── DATA TO USE

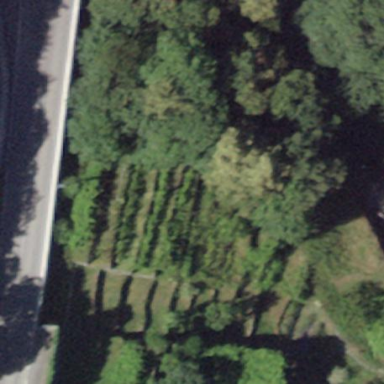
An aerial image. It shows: Vineyard where grapes are grown.
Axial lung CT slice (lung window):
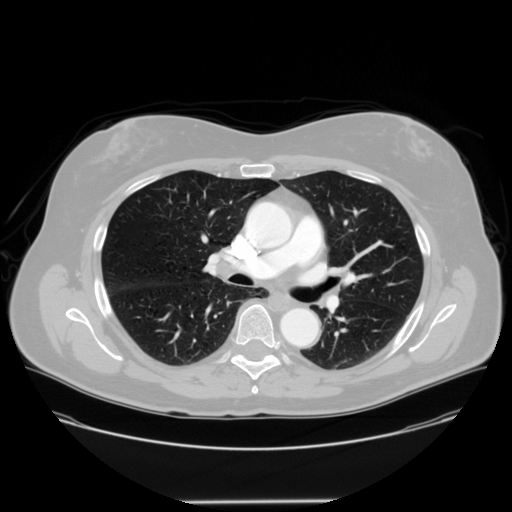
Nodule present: no
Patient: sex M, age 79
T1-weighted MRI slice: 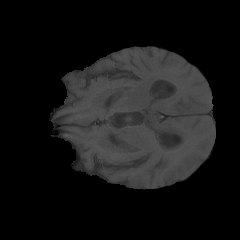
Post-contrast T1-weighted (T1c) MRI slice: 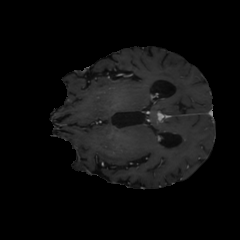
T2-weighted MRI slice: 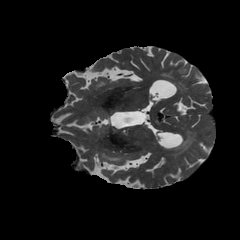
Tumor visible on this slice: no
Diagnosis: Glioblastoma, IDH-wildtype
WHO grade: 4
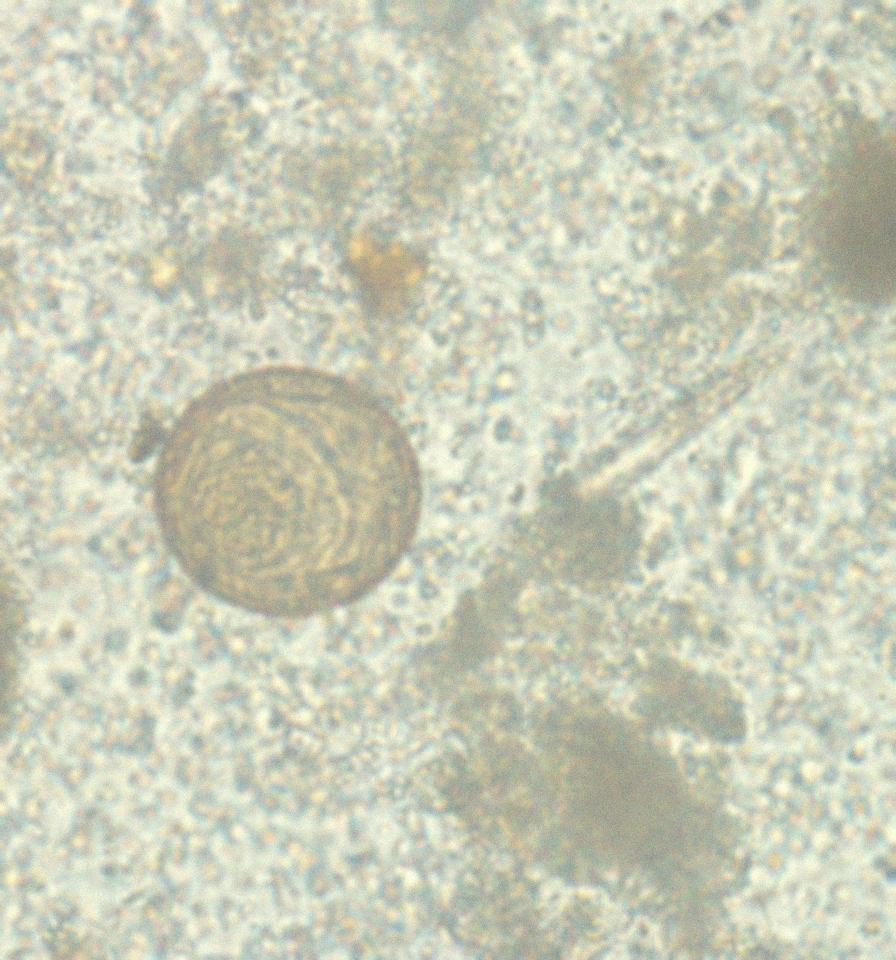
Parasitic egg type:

────

### ASSIGNED TASK
Please return all of the entries word for word, excluding the pictures.

### OUTPUT FOR THIS TASK
An aerial image. It shows: Vineyard where grapes are grown.
Axial lung CT slice (lung window):
Nodule present: no
Patient: sex M, age 79
T1-weighted MRI slice: 
Post-contrast T1-weighted (T1c) MRI slice: 
T2-weighted MRI slice: 
Tumor visible on this slice: no
Diagnosis: Glioblastoma, IDH-wildtype
WHO grade: 4
Parasitic egg type:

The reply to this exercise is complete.